Animal experiments using IF-α/β/γR KO C57BL/6 mice were performed at the National Institute of Infectious Diseases in Japan (NIID), in accordance with the guidelines for the care and use of laboratory animals at the NIID. The study was approved by the Animal Experiment Committee of the NIID (Ethics Committee Approval Number: 115064). Trained laboratory personnel performed the anesthesia of mice via i.p. injection of a mixture of medetomidine, midazolam, and butorphanol during viral inoculation and euthanasia by cervical dislocation.

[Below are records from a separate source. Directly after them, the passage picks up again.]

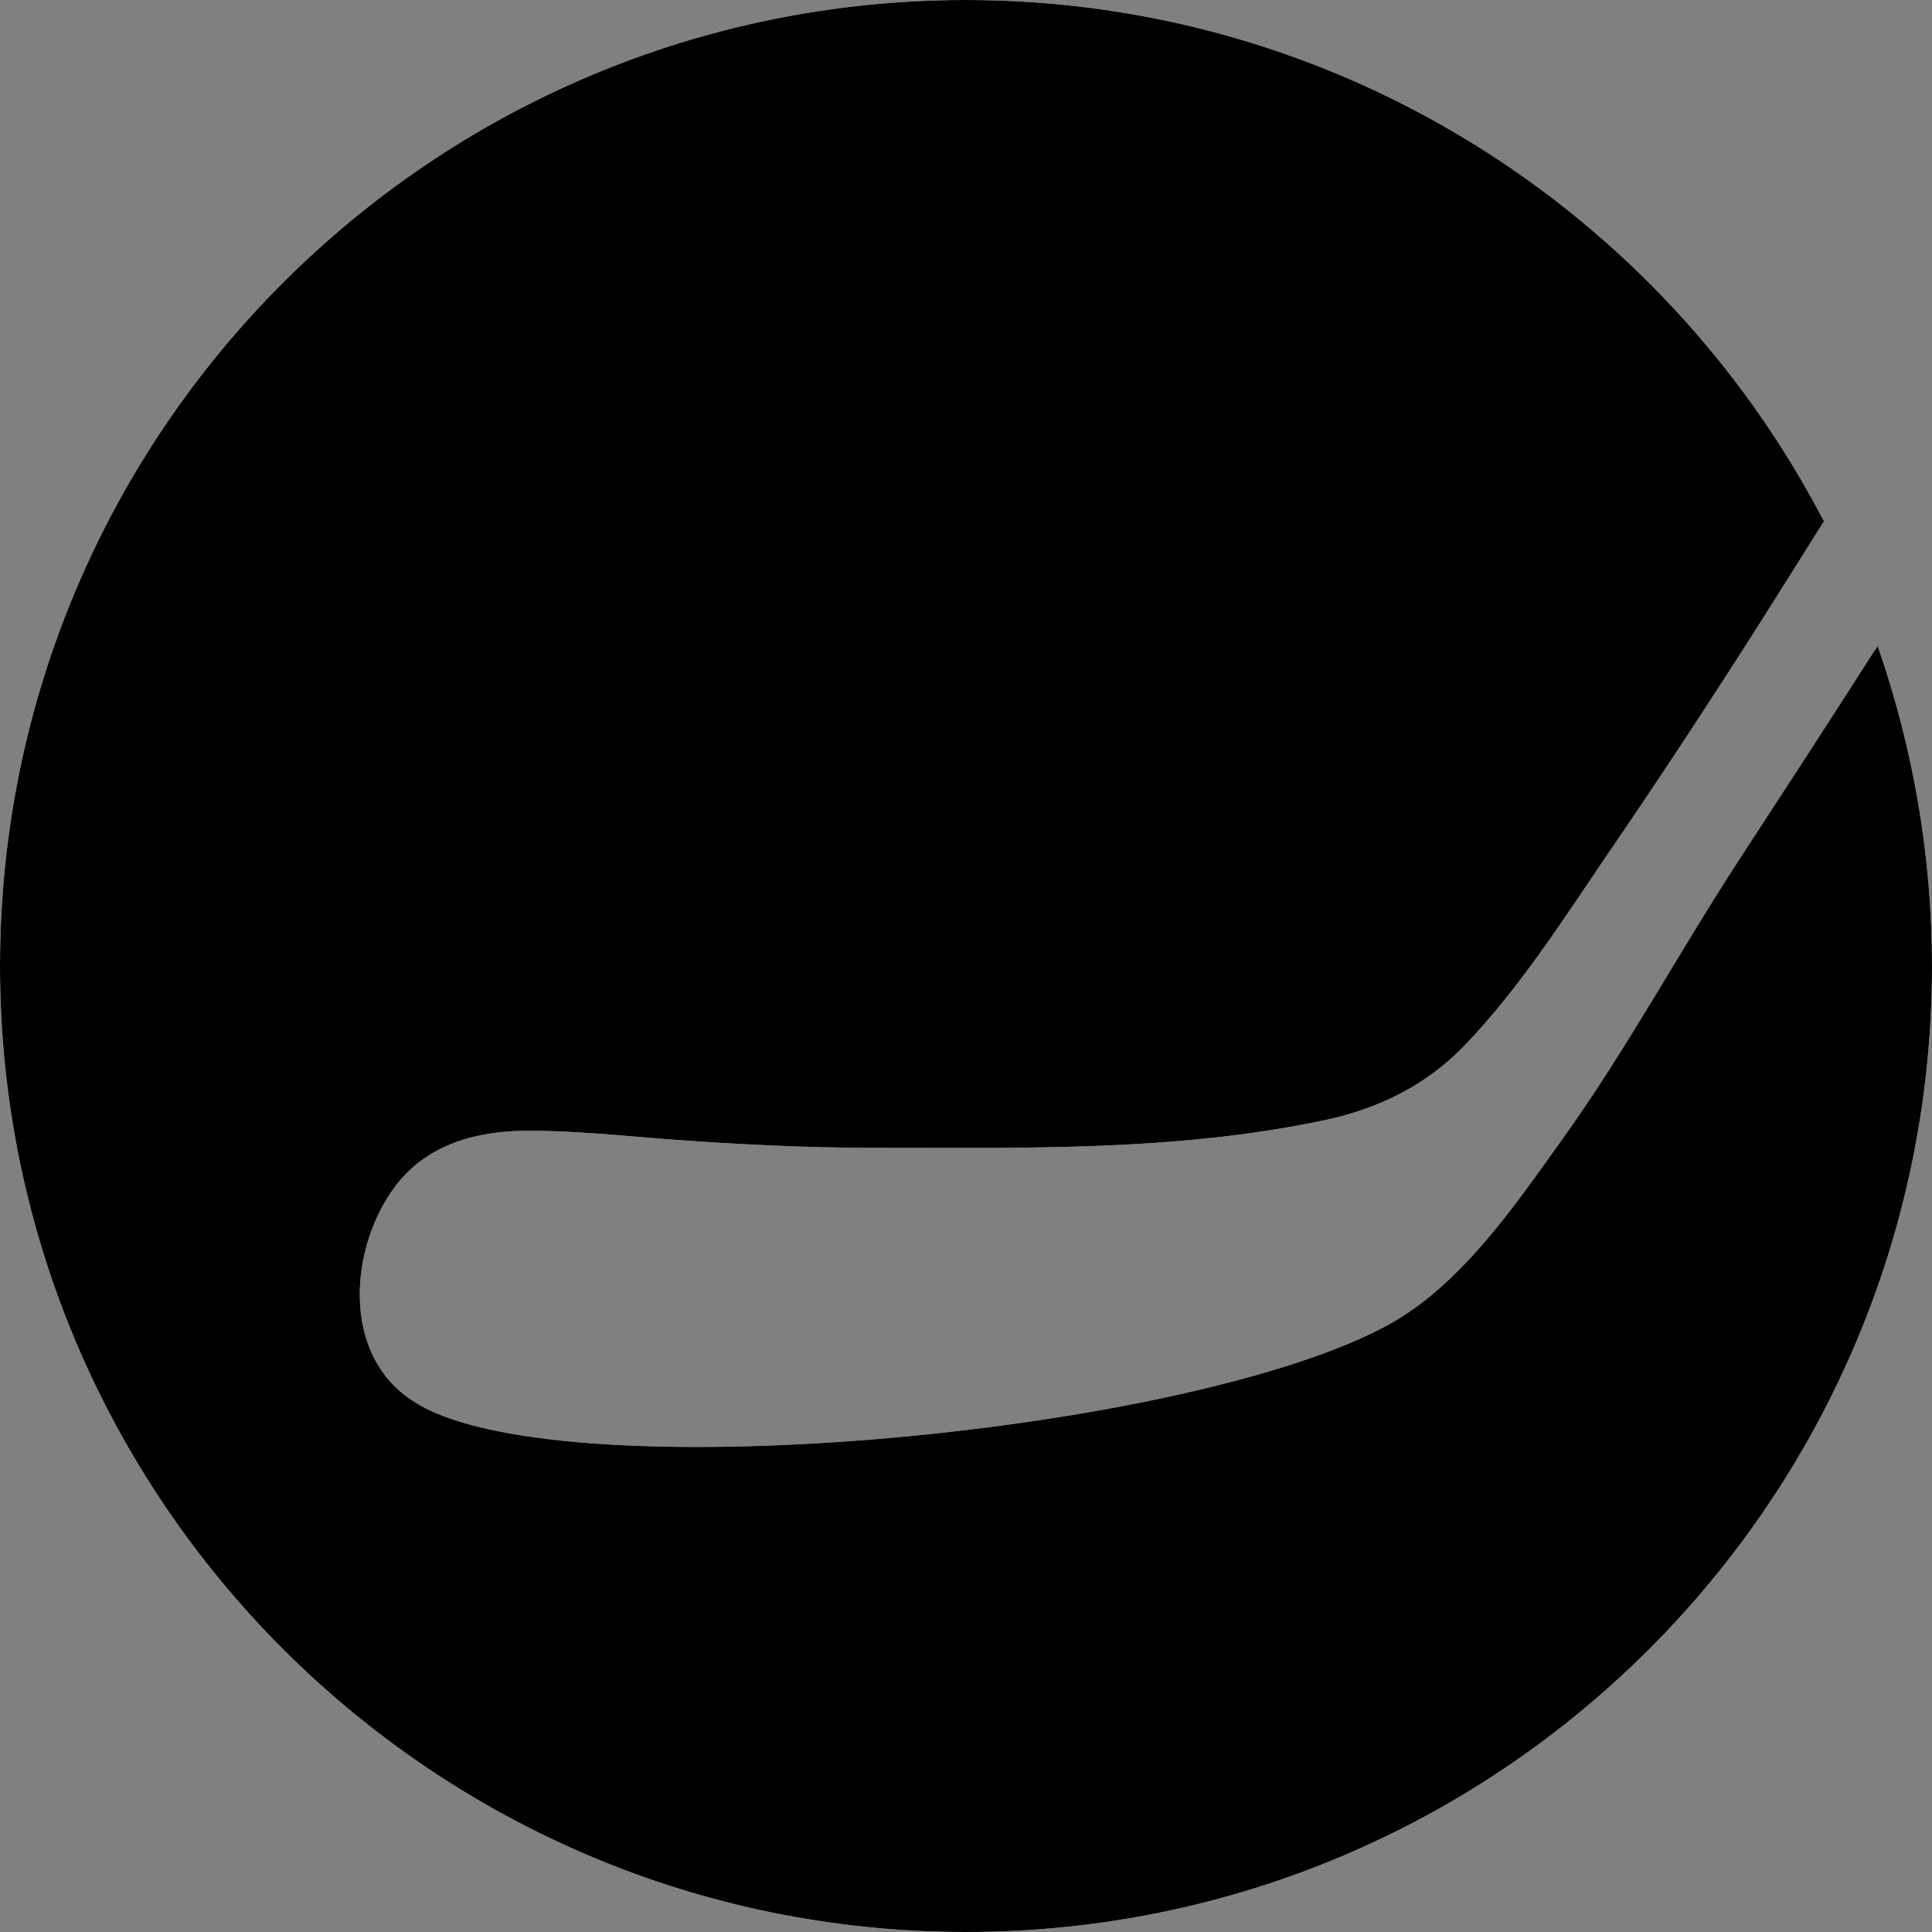 <?xml version="1.0" encoding="utf-8"?>
<!-- Generator: Adobe Illustrator 23.1.0, SVG Export Plug-In . SVG Version: 6.00 Build 0)  -->
<svg version="1.1" id="Layer_1" xmlns="http://www.w3.org/2000/svg" xmlns:xlink="http://www.w3.org/1999/xlink" x="0px" y="0px"
	 viewBox="0 0 327.2 327.2" style="enable-background:new 0 0 327.2 327.2;" xml:space="preserve">
<rect x="0" y="0" width="327.2" height="327.2" fill="#808080" stroke="none"/>
<style type="text/css">
	.st0{fill:#FFFFFF;}
</style>
<g id="XMLID_1030_">
	<g id="XMLID_1031_">
		<g>
			<path id="XMLID_21_" class="st0" d="M318,109.4c-0.4,0.6-0.8,1.2-1,1.5c-7.4,11.6-14.9,23.1-22.4,34.6
				c-10.3,15.8-19.2,32.4-30.2,47.7c-7.8,10.9-16.8,24.1-28.8,30.9c-34.1,19.1-143,28.9-165.9,13c-12-7.9-10.5-26.1-2.6-36.4
				c5.5-7.1,13.9-9.2,22.5-9.2c7.6,0,15.3,0.8,22.9,1.4c11.9,0.9,23.9,1.5,35.8,1.5c25.2,0,50.8,0.6,75.6-4.6
				c9.3-1.9,17.6-5.9,24.2-12.8c9.1-9.5,16.5-21,23.8-31.8c9.2-13.4,18.1-27,26.8-40.7c3.4-5.4,6.8-10.8,10.2-16.2
				C281.7,35.9,226.8,0,163.6,0C73.2,0,0,73.2,0,163.6c0,90.3,73.2,163.6,163.6,163.6s163.6-73.2,163.6-163.6
				C327.2,144.6,323.9,126.4,318,109.4z"/>
		</g>
		<g>
			<path id="XMLID_20_" d="M318,109.4c-0.4,0.6-0.8,1.2-1,1.5c-7.4,11.6-14.9,23.1-22.4,34.6c-10.3,15.8-19.2,32.4-30.2,47.7
				c-7.8,10.9-16.8,24.1-28.8,30.9c-34.1,19.1-143,28.9-165.9,13c-12-7.9-10.5-26.1-2.6-36.4c5.5-7.1,13.9-9.2,22.5-9.2
				c7.6,0,15.3,0.8,22.9,1.4c11.9,0.9,23.9,1.5,35.8,1.5c25.2,0,50.8,0.6,75.6-4.6c9.3-1.9,17.6-5.9,24.2-12.8
				c9.1-9.5,16.5-21,23.8-31.8c9.2-13.4,18.1-27,26.8-40.7c3.4-5.4,6.8-10.8,10.2-16.2C281.7,35.9,226.8,0,163.6,0
				C73.2,0,0,73.2,0,163.6c0,90.3,73.2,163.6,163.6,163.6s163.6-73.2,163.6-163.6C327.2,144.6,323.9,126.4,318,109.4z"/>
		</g>
	</g>
</g>
</svg>

Animal experiments using immunocompetent BALB/c mice were performed at Kobe University. The study was approved by the Animal Experiment Committee (Ethics Committee Approval Number: P180504). Trained laboratory personnel performed mice anesthesia via isoflurane inhalation during viral inoculation and euthanasia by cervical dislocation.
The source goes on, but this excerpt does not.